(Data extracted from a collection)
┌────────

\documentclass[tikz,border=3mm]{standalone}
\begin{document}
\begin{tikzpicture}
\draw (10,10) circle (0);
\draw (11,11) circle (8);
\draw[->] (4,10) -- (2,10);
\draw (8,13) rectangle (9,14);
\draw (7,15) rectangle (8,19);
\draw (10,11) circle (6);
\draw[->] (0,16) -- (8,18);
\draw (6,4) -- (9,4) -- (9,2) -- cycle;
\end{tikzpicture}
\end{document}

└────────

What you should do
Retype the entries in full. Keep every line identical.

Reply to the task
\documentclass[tikz,border=3mm]{standalone}
\begin{document}
\begin{tikzpicture}
\draw (10,10) circle (0);
\draw (11,11) circle (8);
\draw[->] (4,10) -- (2,10);
\draw (8,13) rectangle (9,14);
\draw (7,15) rectangle (8,19);
\draw (10,11) circle (6);
\draw[->] (0,16) -- (8,18);
\draw (6,4) -- (9,4) -- (9,2) -- cycle;
\end{tikzpicture}
\end{document}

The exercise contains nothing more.